■ **Task to complete**: Your reply must be one number: the count of lines in the data below that contain "transform".

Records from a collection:
------------------------------
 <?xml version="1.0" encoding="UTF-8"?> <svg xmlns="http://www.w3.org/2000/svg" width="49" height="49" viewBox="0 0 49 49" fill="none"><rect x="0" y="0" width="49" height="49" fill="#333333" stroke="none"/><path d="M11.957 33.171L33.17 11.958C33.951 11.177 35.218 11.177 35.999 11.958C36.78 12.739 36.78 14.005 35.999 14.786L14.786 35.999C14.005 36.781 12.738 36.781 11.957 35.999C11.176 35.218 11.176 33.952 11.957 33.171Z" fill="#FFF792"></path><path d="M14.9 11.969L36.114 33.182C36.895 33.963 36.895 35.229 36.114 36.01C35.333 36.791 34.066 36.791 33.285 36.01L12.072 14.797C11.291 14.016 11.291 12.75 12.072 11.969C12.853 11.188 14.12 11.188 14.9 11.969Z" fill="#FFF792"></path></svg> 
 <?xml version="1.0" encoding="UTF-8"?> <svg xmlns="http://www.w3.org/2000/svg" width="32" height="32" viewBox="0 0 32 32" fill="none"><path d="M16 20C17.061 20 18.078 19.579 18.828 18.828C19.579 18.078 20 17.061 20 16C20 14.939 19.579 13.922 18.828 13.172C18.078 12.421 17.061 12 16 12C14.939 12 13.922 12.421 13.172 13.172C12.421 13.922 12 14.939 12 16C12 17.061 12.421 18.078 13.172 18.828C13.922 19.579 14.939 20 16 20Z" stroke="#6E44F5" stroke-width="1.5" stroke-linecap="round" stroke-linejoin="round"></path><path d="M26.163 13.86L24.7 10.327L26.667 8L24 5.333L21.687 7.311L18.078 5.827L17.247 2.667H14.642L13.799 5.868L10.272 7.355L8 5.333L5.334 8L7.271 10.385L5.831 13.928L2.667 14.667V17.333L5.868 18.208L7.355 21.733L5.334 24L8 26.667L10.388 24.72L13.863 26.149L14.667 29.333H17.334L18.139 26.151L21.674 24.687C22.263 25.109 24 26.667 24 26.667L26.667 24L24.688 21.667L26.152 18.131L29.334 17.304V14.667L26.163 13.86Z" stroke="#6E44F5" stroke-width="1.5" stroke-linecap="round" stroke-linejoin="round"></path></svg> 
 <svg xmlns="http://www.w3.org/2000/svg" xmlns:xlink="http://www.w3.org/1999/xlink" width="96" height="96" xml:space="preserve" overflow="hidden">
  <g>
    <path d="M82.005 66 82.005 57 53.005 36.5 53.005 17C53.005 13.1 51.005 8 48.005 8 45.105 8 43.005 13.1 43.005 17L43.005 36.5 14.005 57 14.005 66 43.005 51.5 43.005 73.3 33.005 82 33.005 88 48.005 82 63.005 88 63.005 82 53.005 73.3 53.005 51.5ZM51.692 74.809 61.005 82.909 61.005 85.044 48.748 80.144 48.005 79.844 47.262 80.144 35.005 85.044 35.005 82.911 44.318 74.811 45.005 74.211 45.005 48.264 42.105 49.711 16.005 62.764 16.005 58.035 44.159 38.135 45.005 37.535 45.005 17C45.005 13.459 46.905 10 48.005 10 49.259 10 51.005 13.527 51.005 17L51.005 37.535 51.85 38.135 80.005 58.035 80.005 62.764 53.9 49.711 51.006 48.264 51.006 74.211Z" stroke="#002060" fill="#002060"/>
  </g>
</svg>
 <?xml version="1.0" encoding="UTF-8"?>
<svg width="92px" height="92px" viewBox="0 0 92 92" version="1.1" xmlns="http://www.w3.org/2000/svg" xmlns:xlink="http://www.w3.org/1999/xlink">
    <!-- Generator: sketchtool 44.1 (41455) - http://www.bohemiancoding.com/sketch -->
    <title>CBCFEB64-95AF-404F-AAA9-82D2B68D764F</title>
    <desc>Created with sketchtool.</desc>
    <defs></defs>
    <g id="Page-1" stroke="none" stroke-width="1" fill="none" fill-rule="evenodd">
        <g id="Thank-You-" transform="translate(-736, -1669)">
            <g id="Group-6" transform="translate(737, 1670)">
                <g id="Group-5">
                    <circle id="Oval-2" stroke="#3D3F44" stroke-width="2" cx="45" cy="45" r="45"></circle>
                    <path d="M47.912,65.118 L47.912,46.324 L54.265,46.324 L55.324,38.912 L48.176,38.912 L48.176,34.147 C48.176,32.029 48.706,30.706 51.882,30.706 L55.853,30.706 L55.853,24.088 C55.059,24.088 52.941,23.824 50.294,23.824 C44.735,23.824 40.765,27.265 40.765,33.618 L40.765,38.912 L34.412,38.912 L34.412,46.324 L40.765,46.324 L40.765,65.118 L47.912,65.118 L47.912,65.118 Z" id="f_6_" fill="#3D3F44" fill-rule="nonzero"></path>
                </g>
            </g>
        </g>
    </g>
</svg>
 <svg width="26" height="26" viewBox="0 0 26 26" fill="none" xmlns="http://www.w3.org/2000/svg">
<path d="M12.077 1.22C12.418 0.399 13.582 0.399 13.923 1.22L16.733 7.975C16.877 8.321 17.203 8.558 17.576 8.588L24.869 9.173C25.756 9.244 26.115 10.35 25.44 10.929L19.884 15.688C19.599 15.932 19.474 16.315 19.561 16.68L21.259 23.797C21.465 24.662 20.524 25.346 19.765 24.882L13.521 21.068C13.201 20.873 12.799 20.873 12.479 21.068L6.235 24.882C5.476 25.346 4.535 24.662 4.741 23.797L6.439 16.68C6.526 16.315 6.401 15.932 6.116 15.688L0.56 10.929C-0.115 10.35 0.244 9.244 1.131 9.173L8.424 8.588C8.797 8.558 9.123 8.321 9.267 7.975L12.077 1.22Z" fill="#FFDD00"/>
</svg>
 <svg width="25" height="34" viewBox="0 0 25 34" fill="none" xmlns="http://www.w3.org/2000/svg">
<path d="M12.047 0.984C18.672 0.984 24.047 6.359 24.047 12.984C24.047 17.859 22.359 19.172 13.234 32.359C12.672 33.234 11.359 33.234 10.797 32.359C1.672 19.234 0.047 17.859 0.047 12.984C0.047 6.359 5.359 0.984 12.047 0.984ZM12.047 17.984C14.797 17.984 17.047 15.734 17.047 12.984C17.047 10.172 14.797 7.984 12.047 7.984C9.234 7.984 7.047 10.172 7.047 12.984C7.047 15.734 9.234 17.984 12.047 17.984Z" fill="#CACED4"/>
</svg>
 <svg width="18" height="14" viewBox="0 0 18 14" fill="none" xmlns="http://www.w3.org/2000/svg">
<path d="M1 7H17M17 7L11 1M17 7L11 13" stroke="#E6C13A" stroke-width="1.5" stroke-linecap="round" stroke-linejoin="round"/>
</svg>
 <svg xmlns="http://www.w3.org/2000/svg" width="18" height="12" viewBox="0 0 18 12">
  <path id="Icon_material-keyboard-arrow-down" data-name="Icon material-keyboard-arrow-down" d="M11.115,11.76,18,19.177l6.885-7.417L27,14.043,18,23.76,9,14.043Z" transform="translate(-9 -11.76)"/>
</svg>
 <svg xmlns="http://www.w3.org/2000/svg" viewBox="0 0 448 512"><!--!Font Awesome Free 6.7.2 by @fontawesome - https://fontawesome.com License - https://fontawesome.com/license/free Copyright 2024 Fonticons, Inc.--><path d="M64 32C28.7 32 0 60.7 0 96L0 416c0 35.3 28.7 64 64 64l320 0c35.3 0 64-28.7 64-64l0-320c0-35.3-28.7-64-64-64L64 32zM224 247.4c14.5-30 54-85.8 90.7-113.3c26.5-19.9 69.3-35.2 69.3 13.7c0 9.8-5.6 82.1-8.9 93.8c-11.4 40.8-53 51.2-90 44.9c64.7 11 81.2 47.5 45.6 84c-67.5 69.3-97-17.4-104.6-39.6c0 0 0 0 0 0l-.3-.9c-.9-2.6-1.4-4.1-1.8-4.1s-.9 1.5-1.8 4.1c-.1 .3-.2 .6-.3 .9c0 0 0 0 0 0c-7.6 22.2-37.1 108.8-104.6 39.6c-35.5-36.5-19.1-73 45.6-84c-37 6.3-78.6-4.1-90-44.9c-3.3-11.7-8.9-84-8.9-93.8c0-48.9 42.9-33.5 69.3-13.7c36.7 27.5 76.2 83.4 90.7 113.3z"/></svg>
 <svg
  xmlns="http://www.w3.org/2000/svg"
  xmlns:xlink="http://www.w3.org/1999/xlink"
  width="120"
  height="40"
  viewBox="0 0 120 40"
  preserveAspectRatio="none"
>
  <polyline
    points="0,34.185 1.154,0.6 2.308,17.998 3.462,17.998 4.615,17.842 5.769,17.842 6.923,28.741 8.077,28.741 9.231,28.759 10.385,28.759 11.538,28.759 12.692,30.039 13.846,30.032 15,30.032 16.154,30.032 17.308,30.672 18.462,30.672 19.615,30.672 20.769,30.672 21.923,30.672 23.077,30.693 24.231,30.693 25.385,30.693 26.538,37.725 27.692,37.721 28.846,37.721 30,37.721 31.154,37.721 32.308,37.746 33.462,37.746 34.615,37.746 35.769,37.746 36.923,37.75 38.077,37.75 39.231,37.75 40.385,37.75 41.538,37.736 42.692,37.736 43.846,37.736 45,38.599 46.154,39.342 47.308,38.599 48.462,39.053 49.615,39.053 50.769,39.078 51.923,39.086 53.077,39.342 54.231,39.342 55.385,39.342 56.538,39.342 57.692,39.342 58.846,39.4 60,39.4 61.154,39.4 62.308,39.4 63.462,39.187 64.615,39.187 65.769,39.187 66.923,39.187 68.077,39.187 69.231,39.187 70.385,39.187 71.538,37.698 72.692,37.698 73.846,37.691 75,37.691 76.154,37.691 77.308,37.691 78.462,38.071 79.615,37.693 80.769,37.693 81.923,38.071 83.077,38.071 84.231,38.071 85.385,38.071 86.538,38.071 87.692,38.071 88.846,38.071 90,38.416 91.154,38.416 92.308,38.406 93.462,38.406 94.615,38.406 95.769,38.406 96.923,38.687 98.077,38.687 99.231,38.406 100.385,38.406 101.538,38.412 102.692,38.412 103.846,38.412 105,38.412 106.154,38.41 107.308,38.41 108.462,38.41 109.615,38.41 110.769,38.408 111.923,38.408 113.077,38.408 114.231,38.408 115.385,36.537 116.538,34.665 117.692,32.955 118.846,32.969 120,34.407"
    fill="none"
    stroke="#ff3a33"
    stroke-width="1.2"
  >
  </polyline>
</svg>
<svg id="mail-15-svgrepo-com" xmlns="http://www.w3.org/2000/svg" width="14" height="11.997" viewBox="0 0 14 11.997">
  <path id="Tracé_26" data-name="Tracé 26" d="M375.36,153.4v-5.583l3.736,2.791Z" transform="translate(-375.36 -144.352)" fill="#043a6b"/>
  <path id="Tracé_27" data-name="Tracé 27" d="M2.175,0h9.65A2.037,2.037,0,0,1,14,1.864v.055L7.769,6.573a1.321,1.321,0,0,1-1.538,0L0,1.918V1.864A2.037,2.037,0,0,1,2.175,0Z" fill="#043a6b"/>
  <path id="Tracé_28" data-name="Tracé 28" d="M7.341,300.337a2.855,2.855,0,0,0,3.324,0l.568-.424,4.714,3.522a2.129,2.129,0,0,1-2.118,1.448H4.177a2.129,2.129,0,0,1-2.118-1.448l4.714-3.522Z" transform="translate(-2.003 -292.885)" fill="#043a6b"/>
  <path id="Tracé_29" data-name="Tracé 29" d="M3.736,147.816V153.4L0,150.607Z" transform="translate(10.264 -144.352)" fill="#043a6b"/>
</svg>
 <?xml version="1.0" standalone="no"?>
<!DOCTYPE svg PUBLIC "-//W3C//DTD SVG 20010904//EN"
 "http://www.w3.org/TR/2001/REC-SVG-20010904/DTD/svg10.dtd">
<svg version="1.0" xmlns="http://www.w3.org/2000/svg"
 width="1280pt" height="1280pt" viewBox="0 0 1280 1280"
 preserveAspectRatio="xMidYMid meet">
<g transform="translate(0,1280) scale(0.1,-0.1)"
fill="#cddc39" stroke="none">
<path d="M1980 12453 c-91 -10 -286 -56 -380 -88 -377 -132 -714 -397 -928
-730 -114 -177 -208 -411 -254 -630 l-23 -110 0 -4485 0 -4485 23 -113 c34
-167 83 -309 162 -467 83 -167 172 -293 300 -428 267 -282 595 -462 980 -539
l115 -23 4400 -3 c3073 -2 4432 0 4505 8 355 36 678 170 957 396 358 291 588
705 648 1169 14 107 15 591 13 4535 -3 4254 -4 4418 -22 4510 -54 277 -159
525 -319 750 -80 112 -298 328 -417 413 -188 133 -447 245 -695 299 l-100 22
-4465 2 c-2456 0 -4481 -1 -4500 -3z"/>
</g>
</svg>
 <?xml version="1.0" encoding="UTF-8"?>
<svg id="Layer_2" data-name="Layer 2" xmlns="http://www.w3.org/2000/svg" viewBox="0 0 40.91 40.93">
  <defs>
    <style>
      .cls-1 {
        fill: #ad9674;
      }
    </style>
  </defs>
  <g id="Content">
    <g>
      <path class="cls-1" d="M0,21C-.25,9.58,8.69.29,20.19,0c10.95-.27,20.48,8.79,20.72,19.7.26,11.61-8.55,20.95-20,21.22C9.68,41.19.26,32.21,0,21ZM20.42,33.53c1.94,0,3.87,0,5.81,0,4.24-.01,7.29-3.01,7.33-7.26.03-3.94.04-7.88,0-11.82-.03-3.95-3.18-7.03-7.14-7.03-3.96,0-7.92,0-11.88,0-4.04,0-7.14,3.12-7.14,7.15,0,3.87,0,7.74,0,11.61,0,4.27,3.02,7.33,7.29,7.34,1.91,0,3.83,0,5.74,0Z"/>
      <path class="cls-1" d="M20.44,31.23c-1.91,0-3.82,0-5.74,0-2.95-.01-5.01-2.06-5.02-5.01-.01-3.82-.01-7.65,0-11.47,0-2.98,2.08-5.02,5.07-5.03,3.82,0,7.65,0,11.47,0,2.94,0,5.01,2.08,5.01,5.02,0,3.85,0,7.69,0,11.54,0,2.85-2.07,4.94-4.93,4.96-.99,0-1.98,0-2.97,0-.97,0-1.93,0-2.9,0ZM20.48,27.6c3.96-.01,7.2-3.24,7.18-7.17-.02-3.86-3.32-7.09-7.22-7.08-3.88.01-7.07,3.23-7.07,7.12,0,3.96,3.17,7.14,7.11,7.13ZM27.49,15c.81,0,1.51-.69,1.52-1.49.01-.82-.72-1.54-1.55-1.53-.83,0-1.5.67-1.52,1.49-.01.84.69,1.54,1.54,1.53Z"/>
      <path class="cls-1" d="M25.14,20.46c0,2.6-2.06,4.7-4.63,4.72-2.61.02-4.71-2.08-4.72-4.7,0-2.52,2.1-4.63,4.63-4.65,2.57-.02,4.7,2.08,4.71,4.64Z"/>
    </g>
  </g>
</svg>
------------------------------
■ **Written response**: 7